Habib N-word saga: Shivambu says he should fall on his sword, Zille insists it's 'cancel culture'

Adam Habib has been suspended as director of the School of Oriental and African Studies (SOAS) for using the N-word. File photo.
Adam Habib has been suspended as director of the School of Oriental and African Studies (SOAS) for using the N-word. File photo.
Image: Alon Skuy

EFF deputy leader Floyd Shivambu and DA federal council chairperson Helen Zille have weighed in on a no-confidence motion passed against Adam Habib by a students' union for his use of the N-word.

The SOAS Students' Union last week passed a motion of no confidence against Habib after a controversy over his use of the N-word while addressing students at the University of London’s School of African and Oriental Studies (SOAS) during a webinar.

In a statement, the union said its members overwhelmingly backed a vote of no confidence in Habib - 407 of the members present voted in favour of the motion, 65 voted against it, and 11 abstained. The institution is still investigating the incident.

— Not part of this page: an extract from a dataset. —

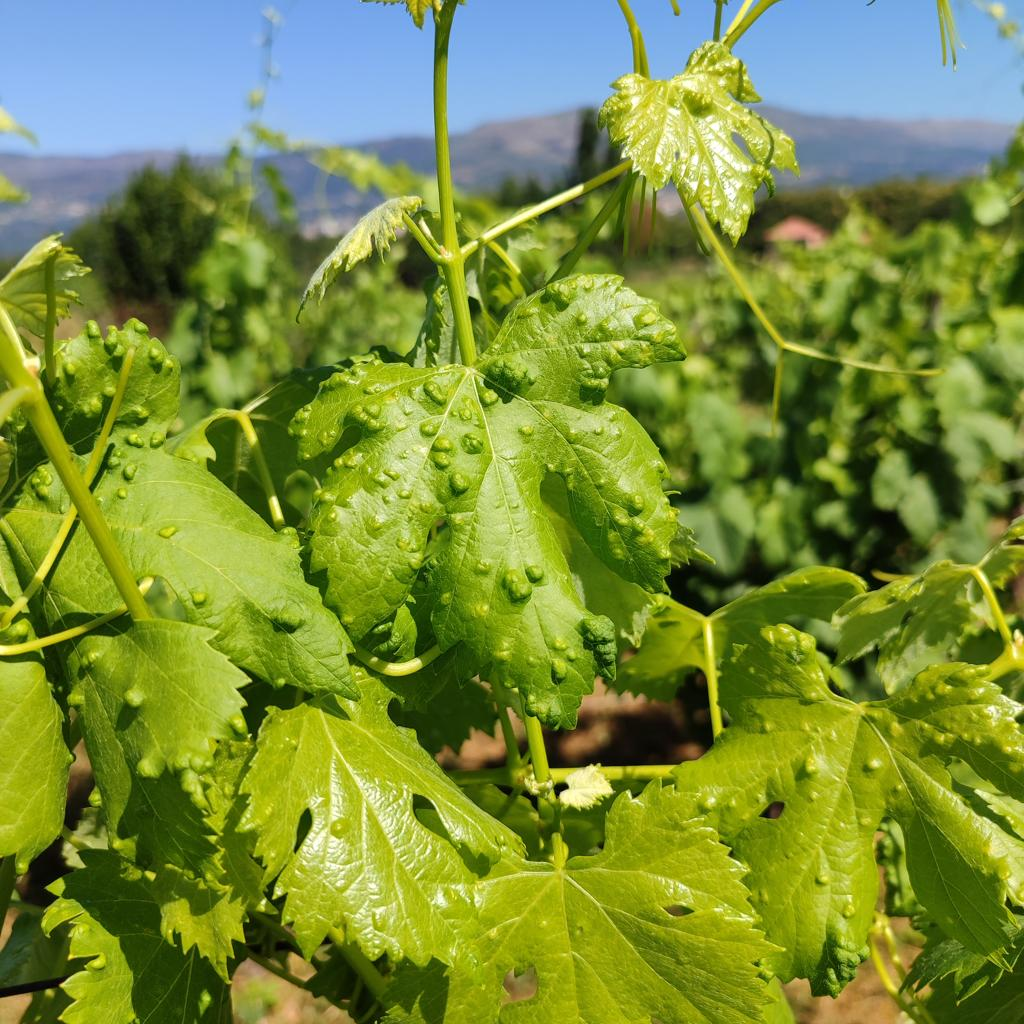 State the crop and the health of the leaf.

grapevine, erineum mite

“Members also called on the school to ensure that no student faces repercussions for challenging the director’s use of the N-word in the all-student meeting of March 11 2021, and to provide transparency regarding its handling of complaints after the meeting,” the statement read.

Weighing in on the matter, Shivambu said Habib “will fall on his sword if he’s not a narcissist”.

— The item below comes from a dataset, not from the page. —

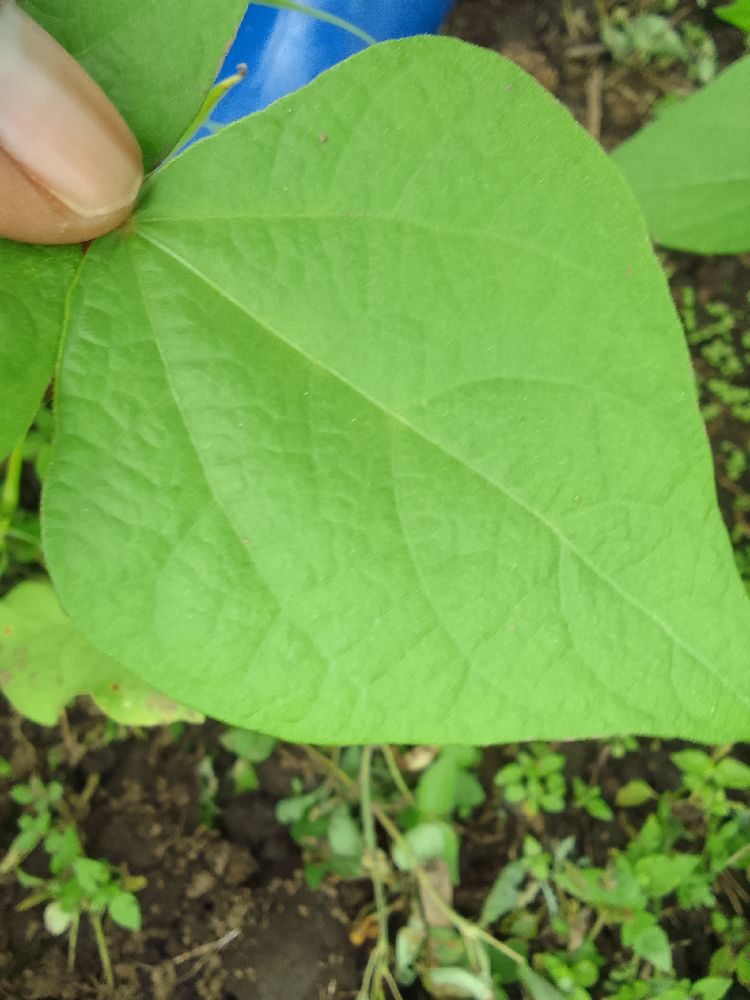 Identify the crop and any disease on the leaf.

common bean, healthy

Zille said the motion of no confidence was part of “cancel culture” and was “insane”.

“The modern form of medieval witch burning is one of the greatest dangers facing democracies today. For those who think it is not a priority, you will look back in 10 years' time and see how wrong you were,” said Zille.

Earlier Zille said the backlash against Habib on social media was a textbook study of “cancel culture”.

She said Habib expressed “amazement that his words were decontextualised” and his apology ignored.

“These are two of the standard tactics of cancel culture. The first tactic is to take the 'offending act' out of its context, to make it seem as egregious as possible,” said Zille.

“The next is to reject the apology out of hand. Indeed, an apology often makes things worse because it is (mis)interpreted as 'proof' of the seriousness of the offence.”

In his defence, Habib said in a Twitter thread, the videos of him using the N-word, circulated on social media, were deliberately cropped in a way to misrepresent his comments.

“Do I think I did something wrong? No, for reasons I explained above. However, I did apologise because some individuals felt offended, and it was the right thing to do. Did it make a difference? No, because some focus on the politics of spectacle. These are my final words on the issue,” he said.